(Stored entries)
=======

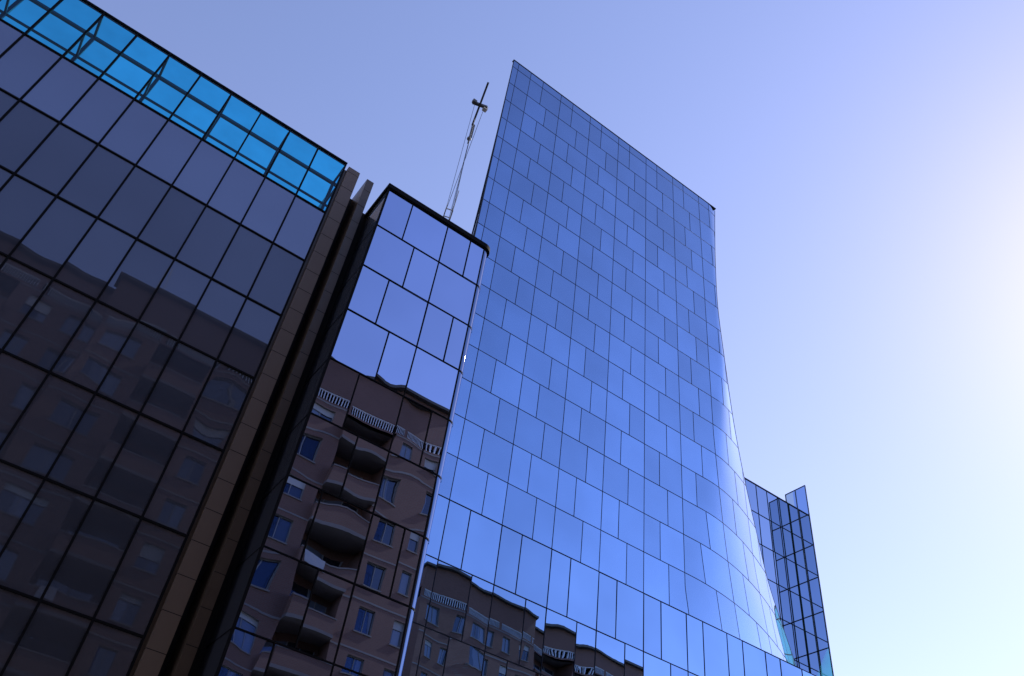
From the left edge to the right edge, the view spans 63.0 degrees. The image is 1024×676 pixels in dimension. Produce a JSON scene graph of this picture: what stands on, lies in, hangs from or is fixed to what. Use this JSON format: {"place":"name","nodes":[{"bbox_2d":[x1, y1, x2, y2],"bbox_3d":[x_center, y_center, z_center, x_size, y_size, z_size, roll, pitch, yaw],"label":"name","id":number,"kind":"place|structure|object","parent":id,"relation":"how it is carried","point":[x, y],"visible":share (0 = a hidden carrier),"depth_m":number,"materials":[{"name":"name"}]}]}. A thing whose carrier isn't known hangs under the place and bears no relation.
{"place":"outdoors","nodes":[
{"label":"outdoors","id":0,"kind":"place"},
{"bbox_2d":[0,0,1023,675],"label":"sky","id":1,"kind":"structure","parent":0,"point":[860,163],"materials":[{"name":"blue"}]},
{"bbox_2d":[438,60,795,665],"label":"tower","id":2,"kind":"structure","parent":0,"point":[646,534],"depth_m":46.56,"materials":[{"name":"blue glass"}]},
{"bbox_2d":[447,60,795,663],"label":"window frames","id":3,"kind":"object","parent":2,"relation":"attached to","point":[714,208],"visible":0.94,"depth_m":47.37,"materials":[{"name":"black metal"}]},
{"bbox_3d":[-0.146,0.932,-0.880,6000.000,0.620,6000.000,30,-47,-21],"label":"ground","id":4,"kind":"structure","parent":0,"visible":0},
{"bbox_2d":[0,0,340,675],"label":"building","id":5,"kind":"structure","parent":4,"relation":"on","point":[30,559],"depth_m":21.88,"materials":[{"name":"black glass"}]},
{"bbox_2d":[1,13,342,207],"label":"steel building crown","id":6,"kind":"object","parent":5,"relation":"on","point":[150,86],"visible":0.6,"depth_m":28.45},
{"bbox_2d":[0,0,347,675],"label":"window frames","id":7,"kind":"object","parent":5,"relation":"attached to","point":[40,600],"visible":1,"depth_m":22.63,"materials":[{"name":"black metal"}]},
{"bbox_2d":[129,167,373,675],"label":"piers","id":8,"kind":"structure","parent":4,"relation":"on","point":[178,636],"depth_m":21.94,"materials":[{"name":"stone"}]},
{"bbox_2d":[196,189,486,675],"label":"building","id":9,"kind":"structure","parent":4,"relation":"on","point":[277,599],"depth_m":22.26,"materials":[{"name":"blue glass"}]},
{"bbox_2d":[205,188,484,675],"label":"window frames","id":10,"kind":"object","parent":9,"relation":"attached to","point":[233,627],"visible":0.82,"depth_m":22.01,"materials":[{"name":"black metal"}]},
{"bbox_2d":[364,183,489,257],"bbox_3d":[-4.204,-2.771,31.623,4.459,0.195,5.928,30,-47,-21],"label":"roof edge","id":11,"kind":"object","parent":9,"relation":"on","point":[411,199],"visible":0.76,"depth_m":29.64,"materials":[{"name":"black metal"}]},
{"bbox_2d":[443,82,488,219],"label":"antenna mast","id":12,"kind":"object","parent":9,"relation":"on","point":[479,105],"visible":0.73,"depth_m":62.58,"materials":[{"name":"painted metal"},{"name":"steel"}]},
{"bbox_2d":[401,495,813,675],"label":"glass facade","id":13,"kind":"structure","parent":4,"relation":"on","point":[448,604],"depth_m":35.20,"materials":[{"name":"blue glass"}]},
{"bbox_2d":[412,494,815,675],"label":"window frames","id":14,"kind":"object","parent":13,"relation":"attached to","point":[563,615],"visible":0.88,"depth_m":35.68,"materials":[{"name":"black metal"}]},
{"bbox_2d":[671,479,832,675],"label":"volume","id":15,"kind":"structure","parent":4,"relation":"on","point":[773,512],"depth_m":57.79,"materials":[{"name":"blue glass"}]},
{"bbox_2d":[744,477,833,675],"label":"mullions","id":16,"kind":"object","parent":15,"relation":"attached to","point":[796,571],"visible":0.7,"depth_m":57.81,"materials":[{"name":"grey metal"}]}
]}

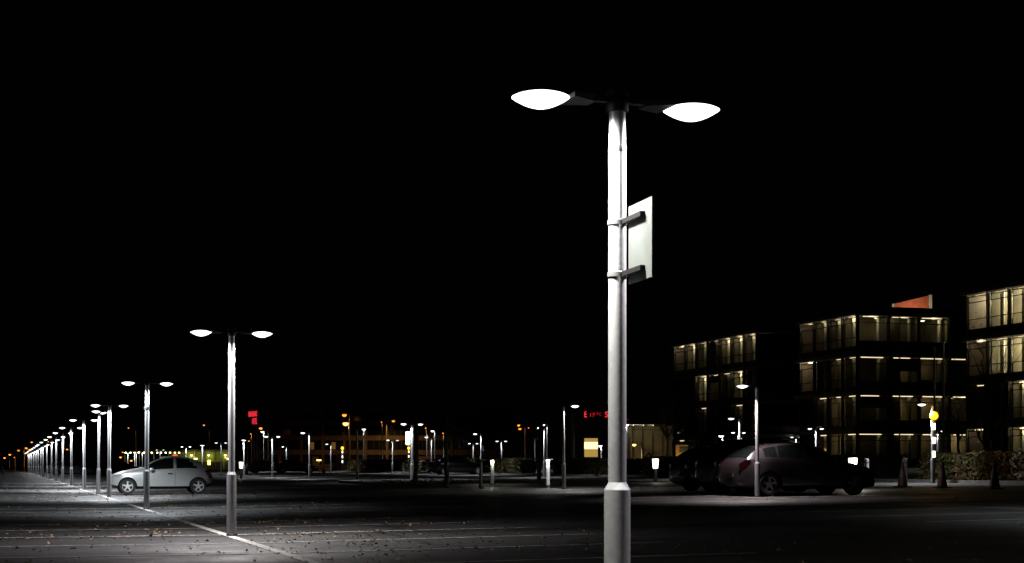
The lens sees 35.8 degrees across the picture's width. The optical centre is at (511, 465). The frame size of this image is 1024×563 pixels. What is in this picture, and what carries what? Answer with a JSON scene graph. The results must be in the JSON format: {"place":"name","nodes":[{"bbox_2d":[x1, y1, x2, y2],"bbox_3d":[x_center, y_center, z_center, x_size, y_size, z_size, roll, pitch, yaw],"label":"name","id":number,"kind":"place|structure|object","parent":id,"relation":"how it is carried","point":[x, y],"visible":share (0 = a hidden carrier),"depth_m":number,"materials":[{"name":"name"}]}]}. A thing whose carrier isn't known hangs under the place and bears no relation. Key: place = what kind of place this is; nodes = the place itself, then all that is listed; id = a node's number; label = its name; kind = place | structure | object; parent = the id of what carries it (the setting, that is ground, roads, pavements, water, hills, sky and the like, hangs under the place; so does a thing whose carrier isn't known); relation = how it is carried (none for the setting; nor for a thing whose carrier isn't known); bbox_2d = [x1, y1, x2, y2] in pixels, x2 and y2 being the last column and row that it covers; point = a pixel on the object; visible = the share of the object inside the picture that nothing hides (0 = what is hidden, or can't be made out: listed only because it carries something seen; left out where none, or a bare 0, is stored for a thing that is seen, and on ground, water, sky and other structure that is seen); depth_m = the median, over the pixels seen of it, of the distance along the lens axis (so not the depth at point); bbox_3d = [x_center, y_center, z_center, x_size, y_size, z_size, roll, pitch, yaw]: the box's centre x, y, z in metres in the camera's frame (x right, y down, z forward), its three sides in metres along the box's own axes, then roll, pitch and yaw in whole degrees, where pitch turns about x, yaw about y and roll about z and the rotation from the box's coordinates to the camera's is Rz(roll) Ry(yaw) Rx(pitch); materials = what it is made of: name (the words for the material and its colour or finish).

=======

> [WORK TASK] Write the records out again exactly; none of the pictures belong in the copy.

> [PROBLEM SOLUTION]
From the left edge to the right edge, the view spans 63.0 degrees. The image is 1024×676 pixels in dimension. Produce a JSON scene graph of this picture: what stands on, lies in, hangs from or is fixed to what. Use this JSON format: {"place":"name","nodes":[{"bbox_2d":[x1, y1, x2, y2],"bbox_3d":[x_center, y_center, z_center, x_size, y_size, z_size, roll, pitch, yaw],"label":"name","id":number,"kind":"place|structure|object","parent":id,"relation":"how it is carried","point":[x, y],"visible":share (0 = a hidden carrier),"depth_m":number,"materials":[{"name":"name"}]}]}. A thing whose carrier isn't known hangs under the place and bears no relation.
{"place":"outdoors","nodes":[
{"label":"outdoors","id":0,"kind":"place"},
{"bbox_2d":[0,0,1023,675],"label":"sky","id":1,"kind":"structure","parent":0,"point":[860,163],"materials":[{"name":"blue"}]},
{"bbox_2d":[438,60,795,665],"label":"tower","id":2,"kind":"structure","parent":0,"point":[646,534],"depth_m":46.56,"materials":[{"name":"blue glass"}]},
{"bbox_2d":[447,60,795,663],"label":"window frames","id":3,"kind":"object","parent":2,"relation":"attached to","point":[714,208],"visible":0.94,"depth_m":47.37,"materials":[{"name":"black metal"}]},
{"bbox_3d":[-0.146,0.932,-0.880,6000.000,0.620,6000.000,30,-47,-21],"label":"ground","id":4,"kind":"structure","parent":0,"visible":0},
{"bbox_2d":[0,0,340,675],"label":"building","id":5,"kind":"structure","parent":4,"relation":"on","point":[30,559],"depth_m":21.88,"materials":[{"name":"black glass"}]},
{"bbox_2d":[1,13,342,207],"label":"steel building crown","id":6,"kind":"object","parent":5,"relation":"on","point":[150,86],"visible":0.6,"depth_m":28.45},
{"bbox_2d":[0,0,347,675],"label":"window frames","id":7,"kind":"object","parent":5,"relation":"attached to","point":[40,600],"visible":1,"depth_m":22.63,"materials":[{"name":"black metal"}]},
{"bbox_2d":[129,167,373,675],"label":"piers","id":8,"kind":"structure","parent":4,"relation":"on","point":[178,636],"depth_m":21.94,"materials":[{"name":"stone"}]},
{"bbox_2d":[196,189,486,675],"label":"building","id":9,"kind":"structure","parent":4,"relation":"on","point":[277,599],"depth_m":22.26,"materials":[{"name":"blue glass"}]},
{"bbox_2d":[205,188,484,675],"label":"window frames","id":10,"kind":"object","parent":9,"relation":"attached to","point":[233,627],"visible":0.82,"depth_m":22.01,"materials":[{"name":"black metal"}]},
{"bbox_2d":[364,183,489,257],"bbox_3d":[-4.204,-2.771,31.623,4.459,0.195,5.928,30,-47,-21],"label":"roof edge","id":11,"kind":"object","parent":9,"relation":"on","point":[411,199],"visible":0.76,"depth_m":29.64,"materials":[{"name":"black metal"}]},
{"bbox_2d":[443,82,488,219],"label":"antenna mast","id":12,"kind":"object","parent":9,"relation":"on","point":[479,105],"visible":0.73,"depth_m":62.58,"materials":[{"name":"painted metal"},{"name":"steel"}]},
{"bbox_2d":[401,495,813,675],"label":"glass facade","id":13,"kind":"structure","parent":4,"relation":"on","point":[448,604],"depth_m":35.20,"materials":[{"name":"blue glass"}]},
{"bbox_2d":[412,494,815,675],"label":"window frames","id":14,"kind":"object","parent":13,"relation":"attached to","point":[563,615],"visible":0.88,"depth_m":35.68,"materials":[{"name":"black metal"}]},
{"bbox_2d":[671,479,832,675],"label":"volume","id":15,"kind":"structure","parent":4,"relation":"on","point":[773,512],"depth_m":57.79,"materials":[{"name":"blue glass"}]},
{"bbox_2d":[744,477,833,675],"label":"mullions","id":16,"kind":"object","parent":15,"relation":"attached to","point":[796,571],"visible":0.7,"depth_m":57.81,"materials":[{"name":"grey metal"}]}
]}

The lens sees 35.8 degrees across the picture's width. The optical centre is at (511, 465). The frame size of this image is 1024×563 pixels. What is in this picture, and what carries what? Answer with a JSON scene graph. The results must be in the JSON format: {"place":"name","nodes":[{"bbox_2d":[x1, y1, x2, y2],"bbox_3d":[x_center, y_center, z_center, x_size, y_size, z_size, roll, pitch, yaw],"label":"name","id":number,"kind":"place|structure|object","parent":id,"relation":"how it is carried","point":[x, y],"visible":share (0 = a hidden carrier),"depth_m":number,"materials":[{"name":"name"}]}]}. A thing whose carrier isn't known hangs under the place and bears no relation. Key: place = what kind of place this is; nodes = the place itself, then all that is listed; id = a node's number; label = its name; kind = place | structure | object; parent = the id of what carries it (the setting, that is ground, roads, pavements, water, hills, sky and the like, hangs under the place; so does a thing whose carrier isn't known); relation = how it is carried (none for the setting; nor for a thing whose carrier isn't known); bbox_2d = [x1, y1, x2, y2] in pixels, x2 and y2 being the last column and row that it covers; point = a pixel on the object; visible = the share of the object inside the picture that nothing hides (0 = what is hidden, or can't be made out: listed only because it carries something seen; left out where none, or a bare 0, is stored for a thing that is seen, and on ground, water, sky and other structure that is seen); depth_m = the median, over the pixels seen of it, of the distance along the lens axis (so not the depth at point); bbox_3d = [x_center, y_center, z_center, x_size, y_size, z_size, roll, pitch, yaw]: the box's centre x, y, z in metres in the camera's frame (x right, y down, z forward), its three sides in metres along the box's own axes, then roll, pitch and yaw in whole degrees, where pitch turns about x, yaw about y and roll about z and the rotation from the box's coordinates to the camera's is Rz(roll) Ry(yaw) Rx(pitch); materials = what it is made of: name (the words for the material and its colour or finish).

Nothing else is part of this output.